A snake antivenom based on antibodies from a hyperimmune man seems to be effective against the bites of multiple species, raising the possibility that a universal treatment may be within reach.

Snake bites cause up to 137,000 deaths a year and around three times as many amputations and disabilities. Antivenoms are currently created for individual snake species using antibodies from sheep or horses that have been exposed to their venom.

But the infusion of non-human antibodies can cause severe side effects, such as life-threatening allergic reactions. It also means that the snake responsible for a bite needs to be identified before an antivenom can be delivered.

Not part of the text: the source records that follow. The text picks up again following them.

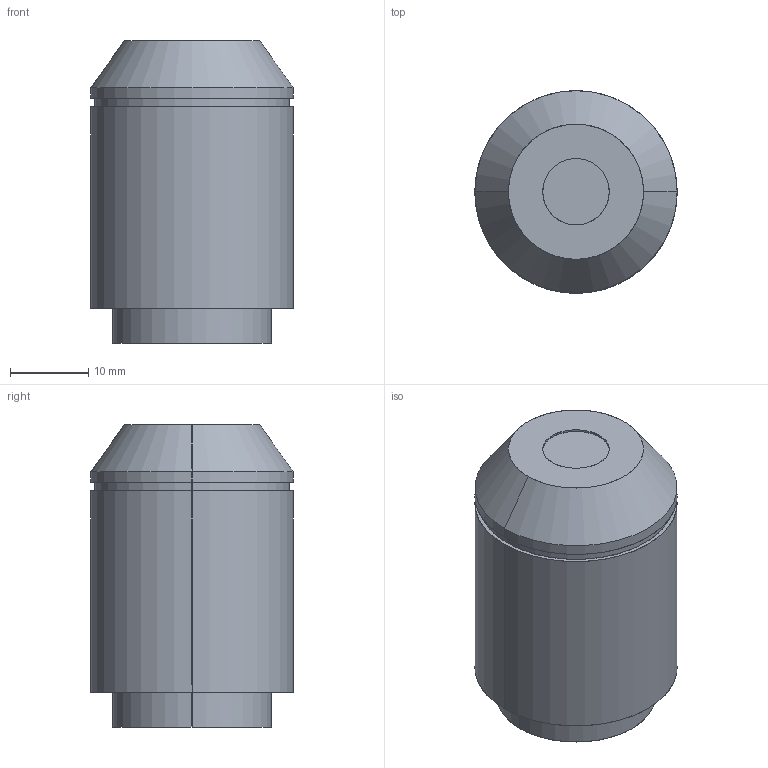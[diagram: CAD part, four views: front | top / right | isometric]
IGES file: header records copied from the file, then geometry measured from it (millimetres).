
Start section: SolidWorks IGES file using analytic representation for surfaces
Global section: file name: Web PDF'Web Model 86812_88333.igs; native system: SolidWorks 2016; preprocessor: SolidWorks 2016; author: CLopez; date: 180315.091306; units: millimetre
Bounding box: 25.9 x 25.9 x 38.75 mm (x, y, z)
Surface area: 3959.1 mm2 (no closed solid volume)
Topology: 0 solids, 0 shells, 21 faces, 440 edges, 440 vertices
Faces by surface type: revolution 14, bspline 7

Jacob Glanville at biotechnology firm Centivax in San Francisco, California, and his colleagues are looking for broadly neutralising antibodies that could be developed into an antivenom that works against many, or even all, venomous snakes. “Although there are 650 species of venomous snakes, all of their venom uses the same 10 general classes of toxins,” says Glanville.

The researchers first sought out someone who had been bitten multiple times by different snakes. “Perhaps a clumsy snake researcher,” says Glanville. Then he heard media reports about Tim Friede, who, according to his online biography, has “self-administered over 700 escalating doses of snake venom from the world’s deadliest snakes”.

“If anyone could have generated broadly neutralising antibodies against snake venom, it would have been Tim Friede,” says Glanville.

From 40 millilitres of Friede’s blood, the team turned his “immune memory into a library of billions of antibodies”, he says. Promising candidates were then tested on mice that had been exposed to venom from 19 of the World Health Organization’s list of the most dangerous species from the Elapidae family, including several cobra species.

Eventually, two antibodies from Friede’s blood, called LNX-D09 and SNX-B03, along with a toxin inhibitor called varespladib, were made into a treatment. When this was tested on mice, it provided full protection against 13 of the species, including several types of cobra, the tiger snake (Notechis scutatus) and the common taipan (Oxyuranus scutellatus). It also provided partial protection against the remaining six species, including the common death adder (Acanthophis antarcticus).

The next step is to test the treatment on animals that are brought to vet clinics in Australia after a snake bite, and to find antibodies that give coverage against vipers.

Tian Du at the University of Sydney, Australia, says that “finding just two antibodies (with an inhibitor) that can cover such a spectrum of snakes gives hope for a universal treatment in the near-future”.

But Du, who found that the blood-thinning drug heparin could prevent people losing limbs after cobra bites, wants to know if the team’s treatment can prevent necrosis of the skin and muscles.